Life’s a battle: Plant bacteria are experts

Publication of three papers by researchers at the University of Adelaide’s School of Agriculture, Food and Wine has completed the work of the late Max Tate into bacterial antibiotics and control of plant pathogens.

More than 40 years ago, Max Tate and his co-workers at the University of Adelaide studied the compounds produced by bacteria that invade plants. At the time, important results from three students – Christopher Elvin, Anna Savage and Benjamin Lethbridge – could not be published with confidence.

Improvements in NMR spectroscopy and mass spectrometry have led to results that can be published.

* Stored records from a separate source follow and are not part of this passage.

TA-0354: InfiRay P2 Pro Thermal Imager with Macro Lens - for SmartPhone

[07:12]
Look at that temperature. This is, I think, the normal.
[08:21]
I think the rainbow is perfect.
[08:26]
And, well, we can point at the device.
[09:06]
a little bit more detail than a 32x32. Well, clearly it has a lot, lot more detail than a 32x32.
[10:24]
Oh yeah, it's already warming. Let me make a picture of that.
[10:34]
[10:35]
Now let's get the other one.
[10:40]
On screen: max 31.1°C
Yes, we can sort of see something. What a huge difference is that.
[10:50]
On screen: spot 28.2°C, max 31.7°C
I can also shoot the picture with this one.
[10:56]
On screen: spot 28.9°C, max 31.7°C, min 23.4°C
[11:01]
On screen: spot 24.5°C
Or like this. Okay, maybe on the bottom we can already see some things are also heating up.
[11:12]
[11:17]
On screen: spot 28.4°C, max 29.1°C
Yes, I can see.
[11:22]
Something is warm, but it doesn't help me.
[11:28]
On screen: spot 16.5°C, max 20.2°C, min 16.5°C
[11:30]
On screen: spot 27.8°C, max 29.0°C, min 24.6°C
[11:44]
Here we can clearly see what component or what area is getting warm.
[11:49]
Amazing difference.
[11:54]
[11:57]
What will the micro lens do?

The studies of the three students all relate to compounds produced by bacteria that infect or colonise plants to outcompete their rivals.

Both symbiotic and pathogenic bacteria infect plants. The most important symbiotic bacteria are rhizobia, of which the genus Rhizobium is of most interest here. Rhizobia fix nitrogen in leguminous plants. They are attracted to plants by plant root exudates, while the plant uses lectins (non-catalytic proteins) to recognise the bacterial cell wall polysaccharides. Rhizobia commonly infect the plant through root hairs but can also enter the plant at wounds or cracks, or between cells of the intact epidermis. Once inside the plant, the bacterium forms a very close association with the plant that results in the formation of specialised nodules where the nitrogen fixation occurs. Cells of Rhizobium species change to a bacteroid form and colonise the nodules. The plant provides energy in the form of C4 dicarboxylic acids and in return the bacterium gives the plant nitrogen-rich compounds, which are synthesised by using nitrogen derived from the atmosphere.

To gain an advantage over other rhizobia, some Rhizobium bacteria produce peptide-type bacteriocins (bacterial antibiotics). When first discovered in 1968, a bacteriocin produced by Rhizobium leguminosarium biovar T24, called trifolitoxin, was of great interest. This bacterium is extremely aggressive in nodulation-competition experiments on clover through the production of an antibiotic that showed broad activity against fast-growing rhizobia. Ben Lethbridge devoted his PhD to the study of this bacteriocin peptide (doi.org/10.1038/s41429-021-00497-0). The bacterium has a simple strategy of producing trifolitoxin, which when released into the soil has direct action on other rhizobia.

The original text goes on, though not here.